To make the trainings successful, we focused on creating brave spaces in all-staff development and in small group book studies; we established group agreements, gave one another grace to grow and learn, and defined common terms so everyone would have the same foundation for discussion. I made a point, as well, to be vulnerable and share examples of my own implicit bias to allow others to feel more comfortable doing the same.
Transcending “Basic Kindness”
We also applied SEL in the larger context of our relationships with colleagues, students, their families, and the school community. We used modeling as a tool to teach new strategies and support those relationships. For example, I felt it was important to show how we might mend potential breaks when a disciplinary action is taken. My co-counselor and I modeled going back to the student with empathy and compassion, ensuring they understand that a misstep does not define who they are, and encouraging growth of all those involved— including the adult.
To help repair disconnections, we used the “Speak Up Against Bias” guide from Learning for Justice. We shared with faculty and staff strategies to interrupt bias, discrimination, and stereotypes. Our faculty then led discussions for students using Learning for Justice’s “Speak Up at School Pocket Guide” to teach students that they have the power to speak up by interrupting, questioning, educating, and echoing. In addition, we led discussion on how to interrupt the cycle of inequity by intentionally participating in micro-affirmations (as noted in the National Alliance for Partnerships in Equity’s Ensuring Equity in Problem-Based Learning Toolkit).
Our work to improve discipline outcomes also demanded that anti-bias and anti-racist staff development was a continuous priority. As school counselors, we love talking about kindness. But we knew our work with students had to go beyond just basic kindness. When using the CASEL framework, we emphasized real-world situations our students could identify with to help make anti-racist SEL the norm. This commitment includes always addressing racism when it happens.
For example, if a stereotype or a racial slur is used between peers, it is insufficient to say, “We all need to be kind to one another.” We have to name the bias in order to maintain healthy relationships and make constructive choices about personal behavior.
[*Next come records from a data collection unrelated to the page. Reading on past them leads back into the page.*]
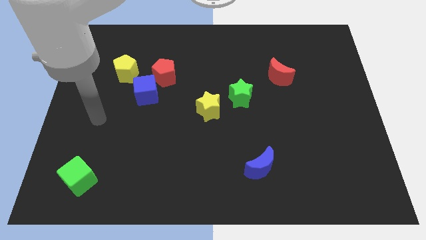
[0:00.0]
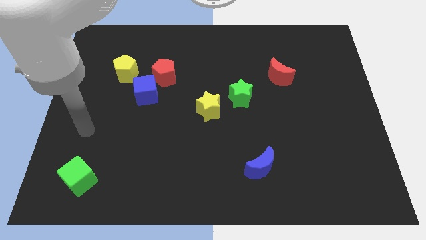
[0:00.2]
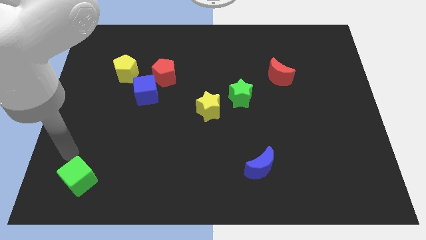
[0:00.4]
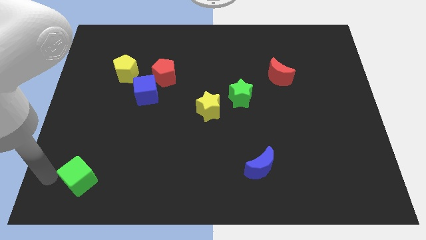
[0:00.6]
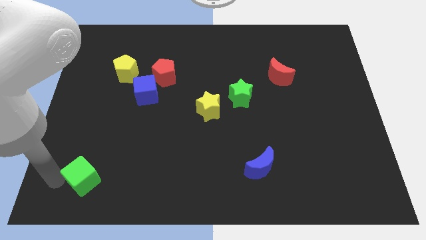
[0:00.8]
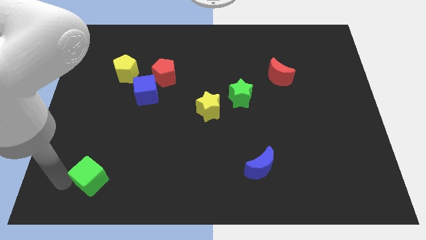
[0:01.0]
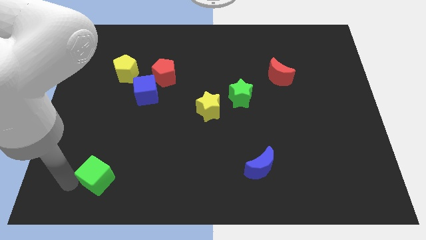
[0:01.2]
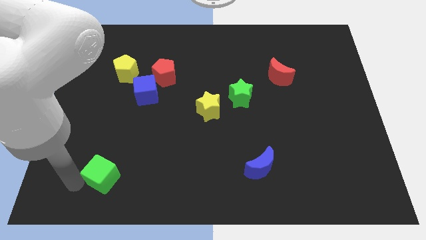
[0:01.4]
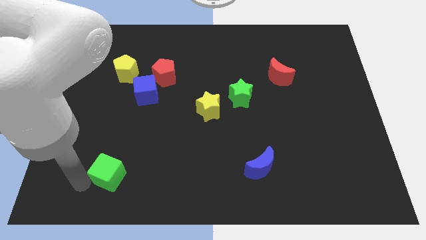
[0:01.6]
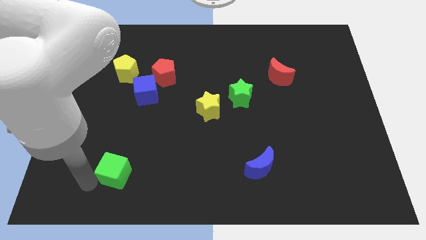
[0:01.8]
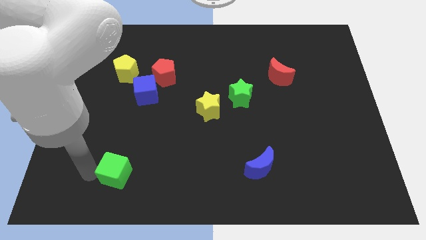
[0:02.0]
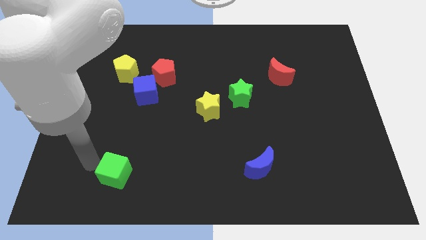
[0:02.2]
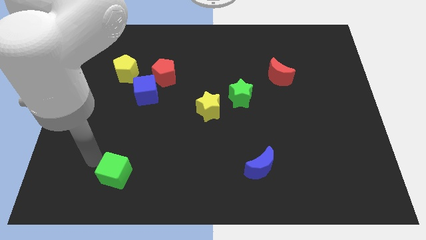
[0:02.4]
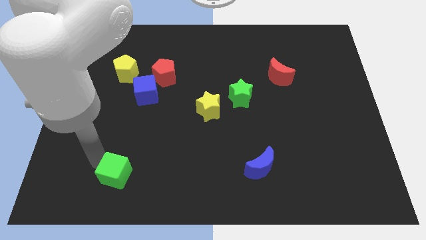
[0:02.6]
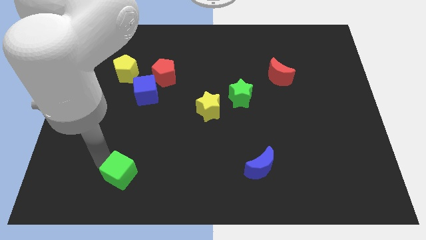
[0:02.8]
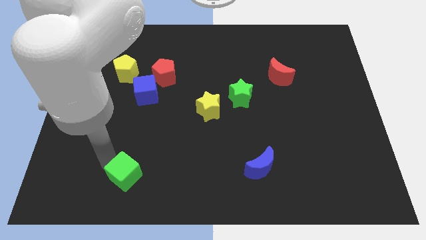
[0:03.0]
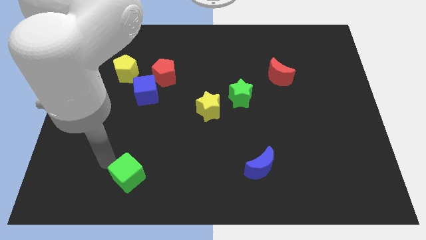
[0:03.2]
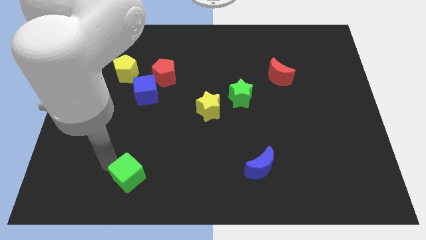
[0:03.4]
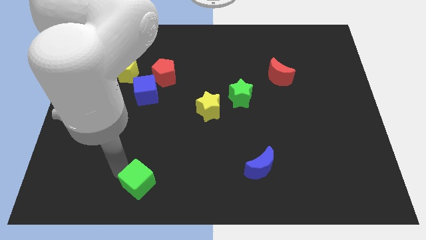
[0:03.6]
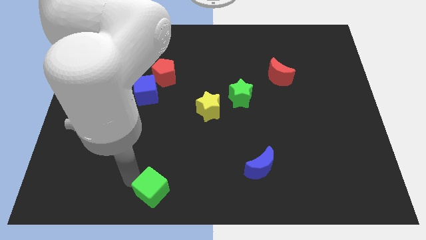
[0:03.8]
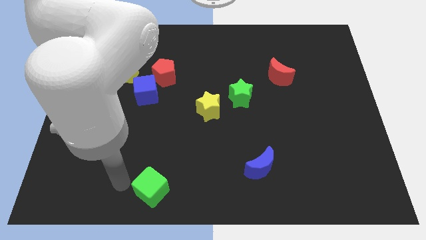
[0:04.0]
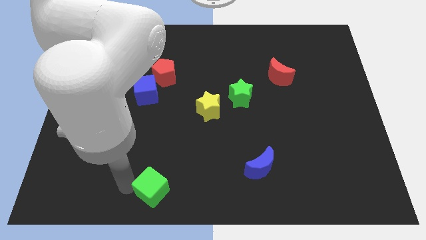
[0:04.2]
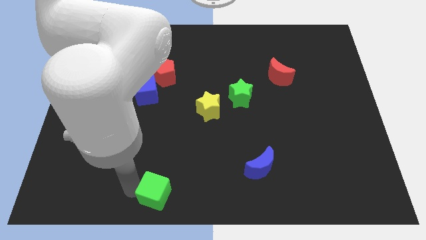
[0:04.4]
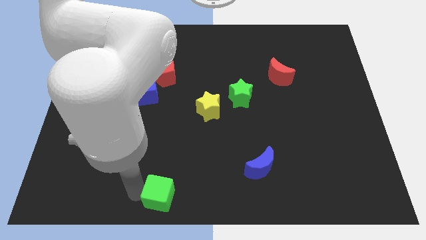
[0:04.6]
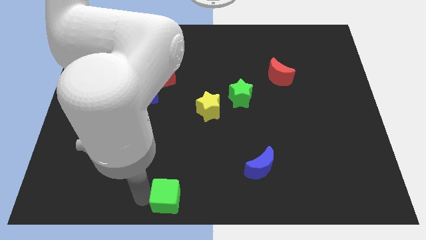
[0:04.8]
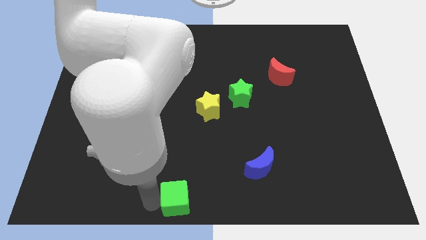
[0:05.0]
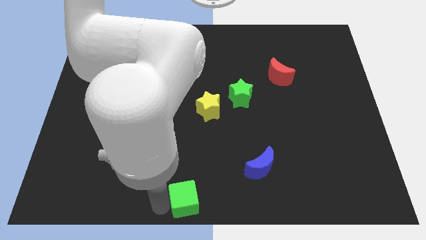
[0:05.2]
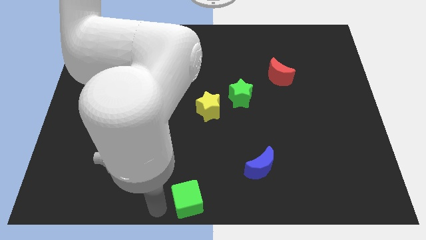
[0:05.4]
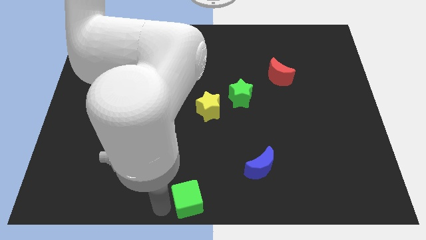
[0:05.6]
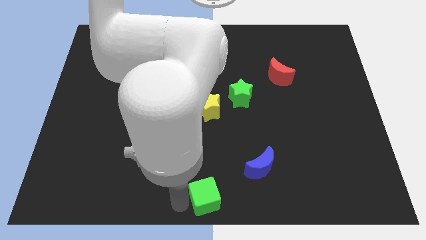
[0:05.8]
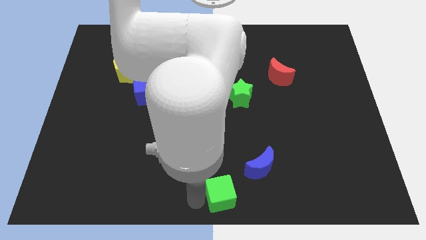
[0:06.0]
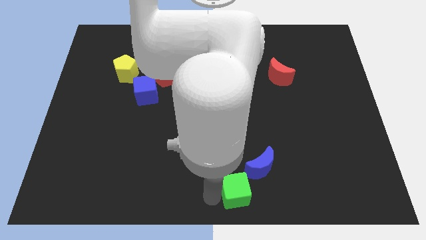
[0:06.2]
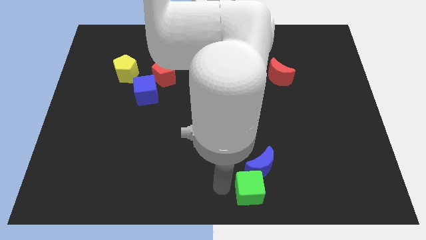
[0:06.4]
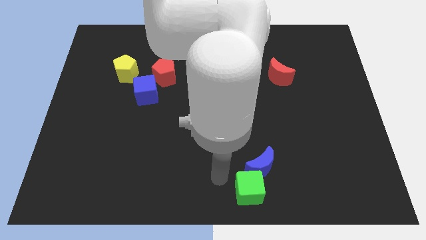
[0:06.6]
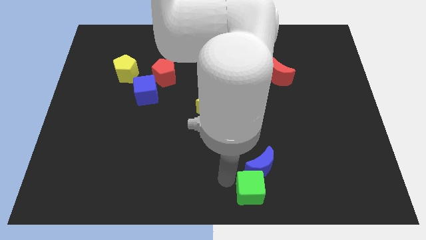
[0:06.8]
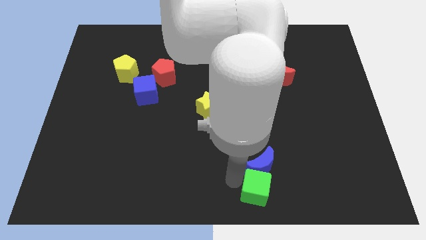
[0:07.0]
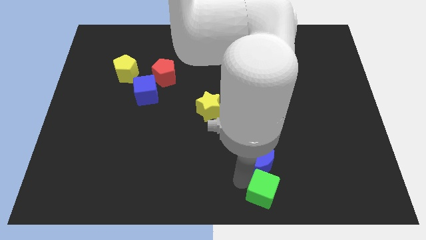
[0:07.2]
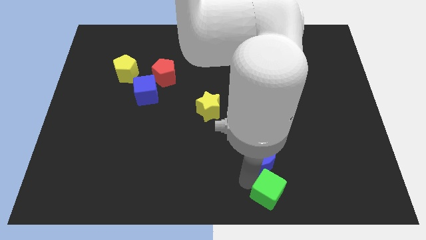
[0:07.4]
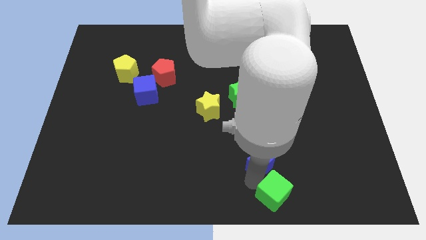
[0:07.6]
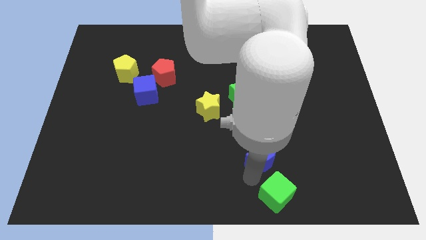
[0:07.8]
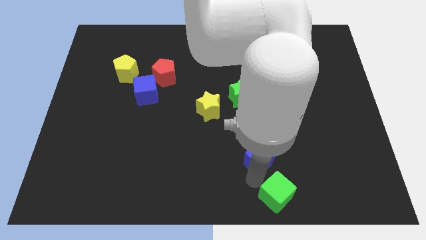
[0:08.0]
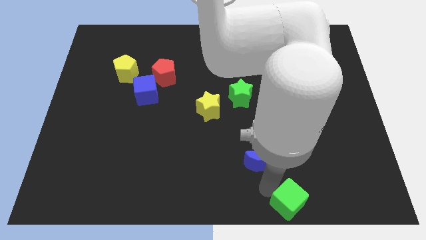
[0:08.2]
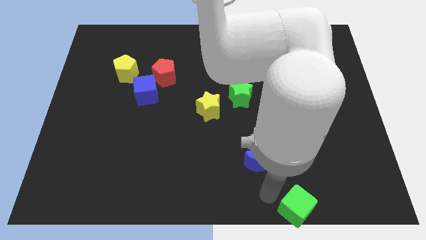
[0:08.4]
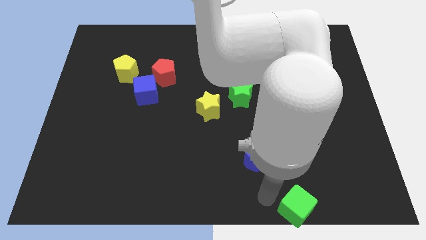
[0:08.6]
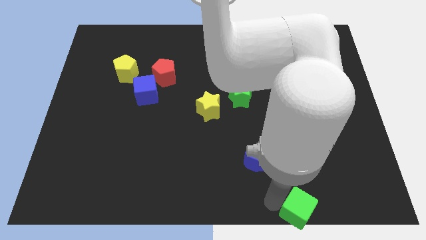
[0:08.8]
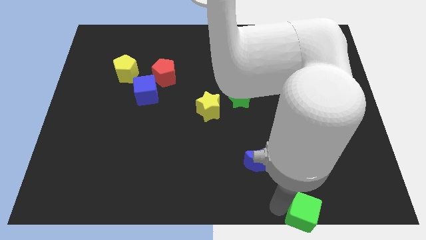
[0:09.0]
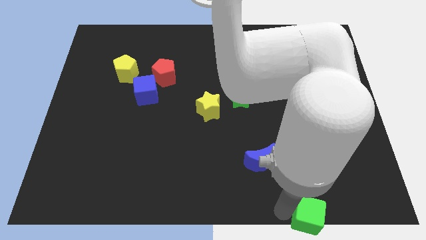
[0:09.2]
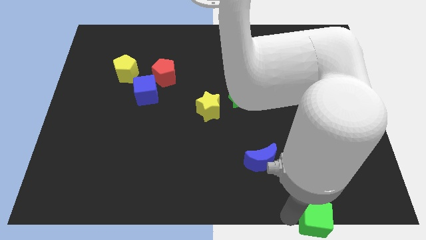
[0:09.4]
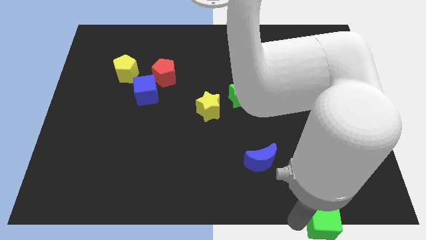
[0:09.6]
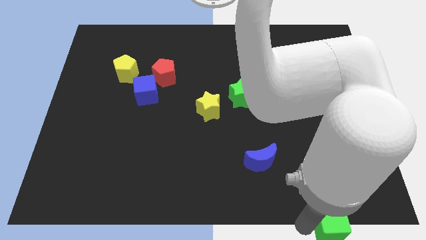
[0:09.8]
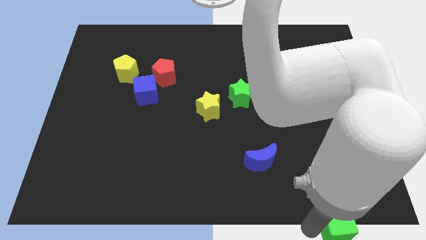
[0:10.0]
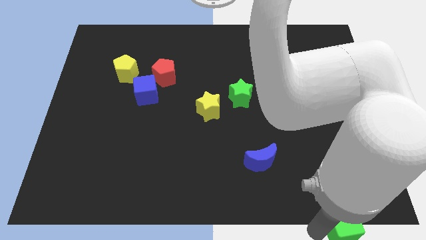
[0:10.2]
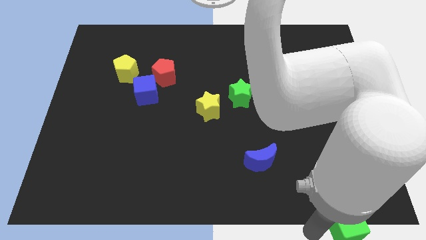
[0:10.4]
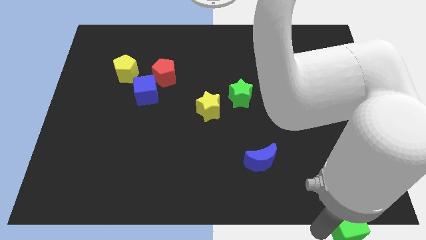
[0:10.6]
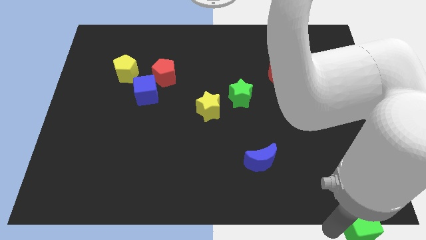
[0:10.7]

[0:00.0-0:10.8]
move the green cube to the lower right corner

Then, we need to educate on why the biased or racist language is wrong, examine how it impacts others, and talk about what should happen next. If we shift the culture of our schools to transcend basic kindness and reach toward anti-bias and anti-racist SEL, we can put equity into action for our students.
The Work That Remains
As inspirational speaker Alexander Den Heijer has shared on his Twitter and Tumblr accounts, “When a flower doesn’t bloom, you fix the environment in which it grows, not the flower.”
At my school, our collaborative SEL efforts to challenge inequity and promote healing successfully reduced racial disparities in discipline. But much more work remains (at our school and at every level of our education system) to make schools centers of healing for all students. When I lead difficult conversations at my school or with other school counselors, I emphasize that this work is about all of us, including myself. Anti-bias, anti-racist SEL is active and ongoing. It does not end. As we work to do better, we must remember that our continuous learning is to ensure all students attend a school where they experience belonging, healing, and success.